The story, such as it is, dwells on a battle of wills between three men in the French Foreign Legion, that ancient colonizing force, here stationed in East Africa. Galoup is the prideful sergeant; Sentain is the upstart hero; Forestier is the fatherly commander. The reason for Galoup's instantaneous dislike of Sentain is not dwelled upon, though one will make what one wishes of the overwrought homoeroticism throughout. (I certainly did, the first time; watching Beau Travail again for this review, however, I found that "solution" more than a little bit facile and irrelevant.)
The films jots back and forth indiscriminately between a "present day" where Galoup has been cashiered out of the service, and the events in Djibouti that lead to his disgrace. Denis' study, however, has far less to do with the undemanding drama of these men's lives and more with how they move, behave, and push off one another, resembling more and more natural forces of the earth than men.
There is something particular and fascinating about the way Denis observes and characterizes these men, her subjects: frequently portrayed in abstract groups, engaging in ritual behaviour that becomes more and more disconnected from realistic military exercise as the film goes along.
Denis has made science fiction (last year's excellent High Life) and horror (the werewolf romp Trouble Every Day) and in Beau Travail, this female director, turning her lens on the bodies and movements of the men in Galoup's platoon, may just as well be photographing aliens -- in the desert from Planet of the Apes, perhaps, millennia after the end of our pandemic-stricken world. It's one of the most unique inversions of the camera's gaze in cinema. Denis creates an unnerving disconnect between the pleasure of these forms (and there is plenty of that) and the apocalyptic purposelessness of their behaviour. Naturally, Galoup's need for that behaviour -- the formalism, the structure, the code -- will devastate him before the film is over.
Set against brooding opera music and otherworldly ambient noise, we watch the legion train and perform in stark wastelands, in movement that seems less like maneuvers and more like interpretive dance as the tale marches on. (Indeed, much of it was choreographed as ballet.) Colours are stark and vivid; skies are blinding. Always formidable in the musical arena, Denis' nonetheless excels here, and the soundtrack -- both orchestral and contemporary -- is sublime throughout.
The emotional, non-narrative assault on its audience shatters the storytelling covenant, and Beau Travail becomes as unrelenting as the tides of an endless sea, building to a final sequence of images that are as transcendent and purposeful as anything ever put on film. Beau Travail is not a movie to be watched; it is a full-blooded inhabitation of cinema.

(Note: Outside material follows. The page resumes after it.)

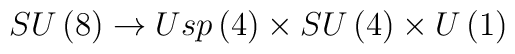
SU\left(8\right) \rightarrow  Usp\left(4\right)\times SU\left(4\right) \times  U\left(1\right)
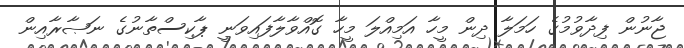
ޖާނުން ފިދާވުމުގެ ހަމަލާ ދިން މީހާ އަމިއްލަ މީހާ ގޮއްވާލާފައިވަނީ ޕާކިސްތާނުގެ ނަޞާރާއިން

Since that day at the Cinematheque, Beau Travail has often topped my list of films I'd like to see join the Criterion Collection. They took their sweet time with it -- this is spine #1042 in a collection that recently came under fire for its decades-long under-representation of both women directors and Black directors -- but thankfully, the disc is a marvel.
Key to its success is a stunning new 4K transfer and restoration of the film. If a freshly-struck 35mm print of Beau Travail ever looked this good, I'd honestly be surprised. Making relentless use of extremely limited colour palettes -- a tableau of the legion working near the sea might be made entirely of slate grey, Windex blue, army green and ruddy skin -- Denis' compositions look extraordinary here. Even the disc's navigation menu flits between three or four shots that could be framed and mounted on your wall.

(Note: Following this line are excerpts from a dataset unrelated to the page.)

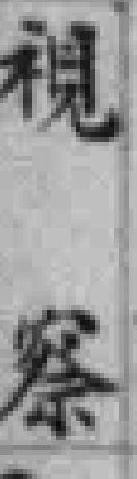
視察
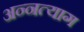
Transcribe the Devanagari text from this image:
अन्नत्याग
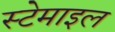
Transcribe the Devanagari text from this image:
स्टेमाइल
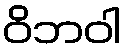
ဝိဘဝါ

Detail is crisp and exact, with little or no artifacting, and colour definition is superb. The suffocating greens of Galoup's post-court martial exile fade seamlessly into and out of the crystal-blue sky and buff desert in the Djibouti sequences. Pulsing nightclub scenes, lit with strobing coloured lights, feel humid. (Younger cinephiles coming to Beau Travail for the first time will notice and enjoy this film's influence upon Mati Diop's Atlantics, also due soon from Criterion.) The sound mix makes maximum use of the shock of pounding, 90s electronica against the more somber outdoor sequences.
Girish Shambu's accompanying essay does much to package the concerns of the film, particularly against the colonialist critique that seems inherent to Denis' invocation of the Foreign Legion, and her treatment of the film's only female characters -- all local East African women, one of whom Galoup is seeing -- as a kind of chorus of witnesses. There is also a scene-specific commentary track by Denis' cinematographer, Agnes Godard, and newly-recorded interviews with Grégoire Colin (Sentain) and the marvelous Denis Levant, who played Galoup.
The heart of the featurettes, however, is a newly-recorded conversation between Denis and her filmmaker "superfan," Barry Jenkins (If Beale Street Could Talk). Paired with the hyperconscious tactility of the feature film, the conversation's direct address of the moment in which it was made -- on videoconference, in the early days of the pandemic, and mere hours after the protests began following the murder of George Floyd -- is startling.
The conversation contextualizes Beau Travail almost immediately as a work with great contemporary currency, even if it was made over two decades ago; in their meeting of the minds, Denis and Jenkins couldn't be better paired to discuss the dream-logic of filmmaking as art, and how it both describes, and resists, the society from which it emerges.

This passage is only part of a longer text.